To the Members of the United States House of Representatives:

The American Institute of Certified Public Accountants ("AICPA") is concerned about the significant compliance burdens placed on businesses and rental property owners by section 9006 of the Patient Protection and Affordable Care Act (P.L. 111-148) ("PPACA") and section 2101 of the Small Business Jobs Act of 2010 (P.L. 111-240) ("SBJA"), respectively.
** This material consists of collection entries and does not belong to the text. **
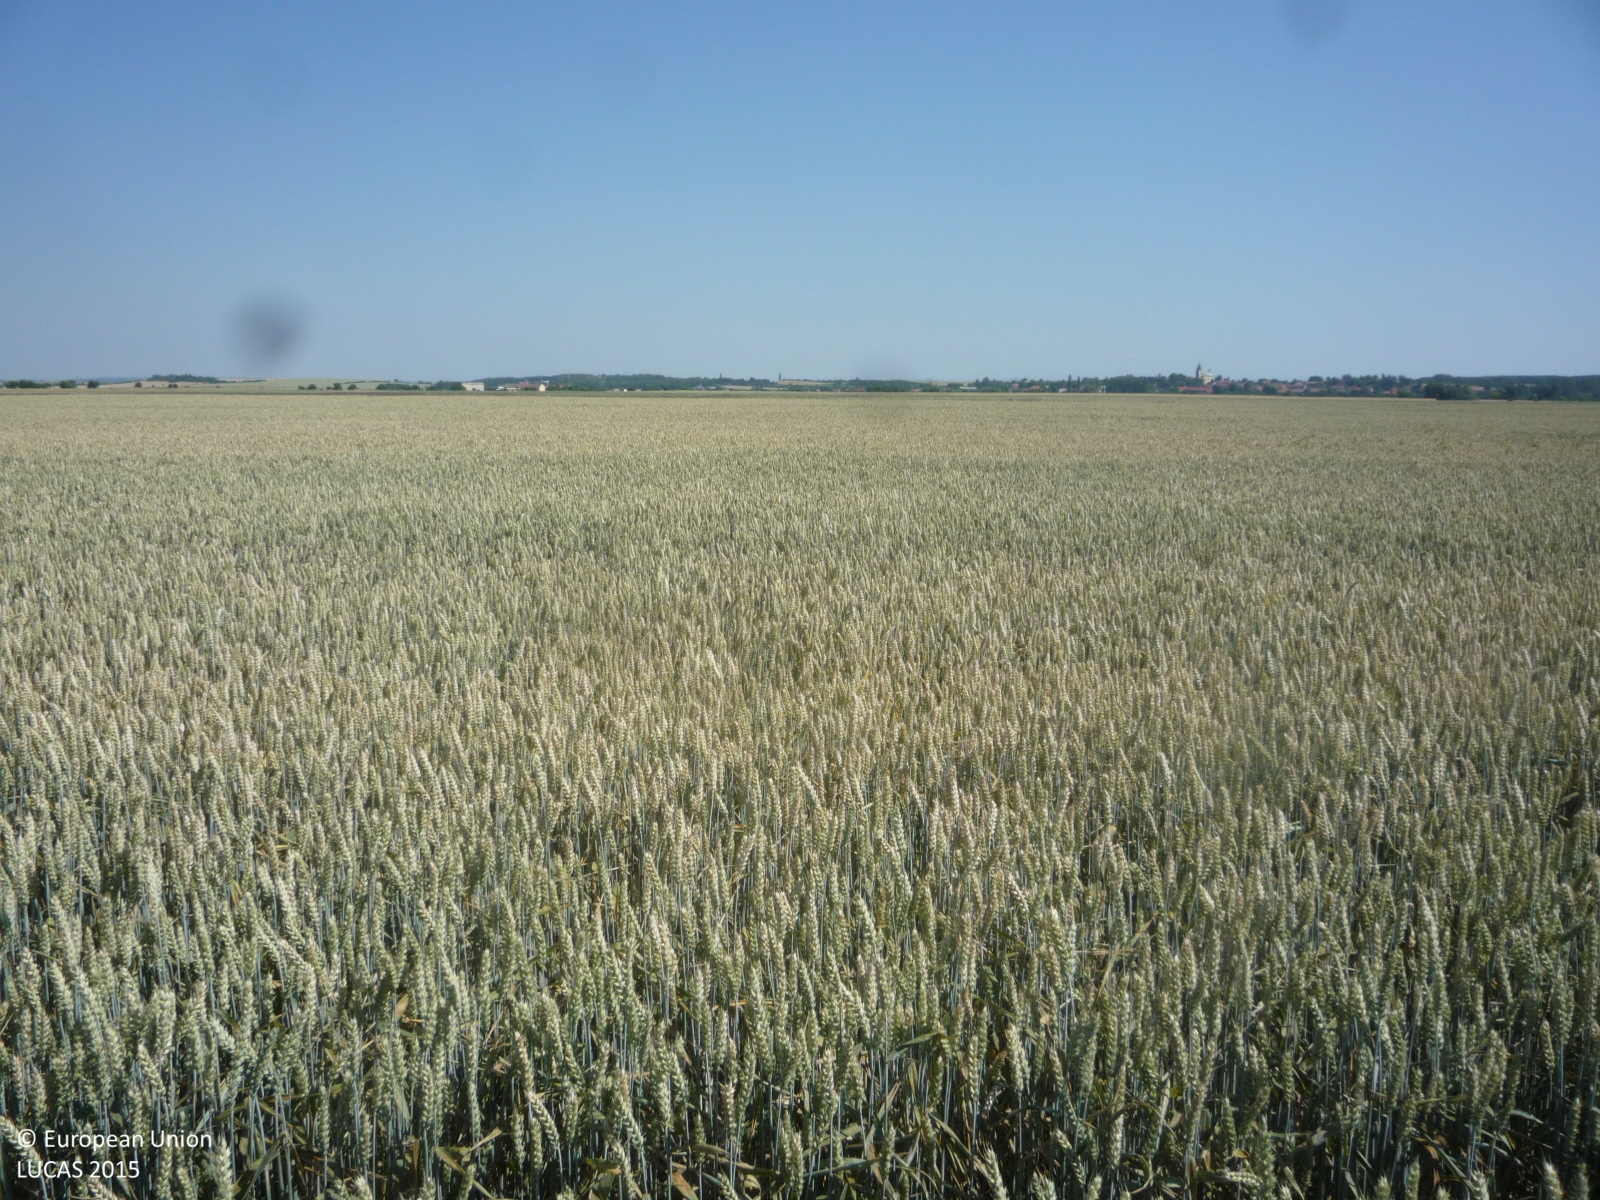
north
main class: Cropland
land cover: Common wheat
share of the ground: > 75 %
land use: Agriculture (excluding fallow land and kitchen gardens)
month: July
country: CZ
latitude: 50.2097
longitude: 15.2019
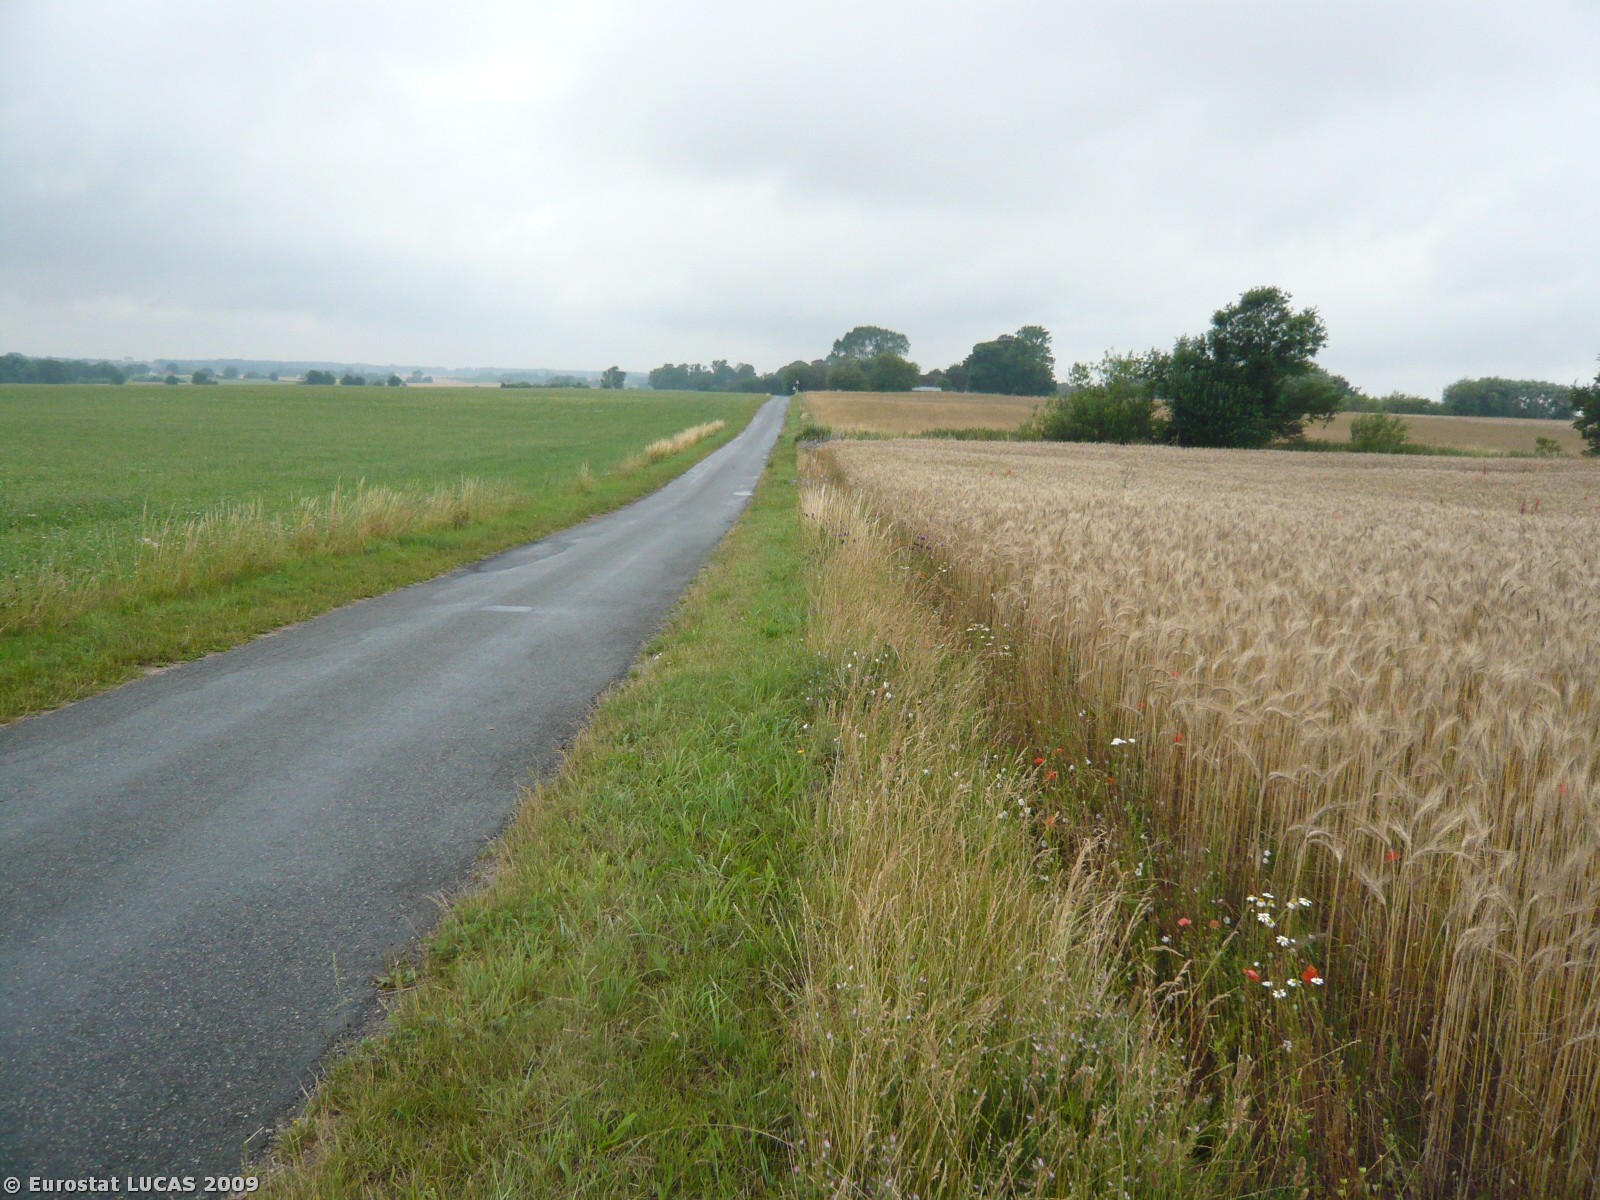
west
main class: Cropland
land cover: Durum wheat
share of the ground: > 75 %
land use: Agriculture (excluding fallow land and kitchen gardens)
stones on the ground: < 10 %
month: July
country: DK
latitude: 55.6699
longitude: 11.9221

The PPACA made two significant changes to the law that will take effect in 2012. First, the act overturns a long-standing tax regulation providing that corporations were generally exempt recipients for Internal Revenue Code section 6041 reporting purposes. Second, the provision expands information reporting requirements to business payments for property (which is in addition to business payments for services, as required by current law). Thus, beginning in 2012 (reports due in 2013 for 2012 payments), if a business generally purchases $600 or more in property or services from another entity (including a corporation), it must provide the vendor and the Internal Revenue Service ("IRS") with a Form 1099-MISC information return.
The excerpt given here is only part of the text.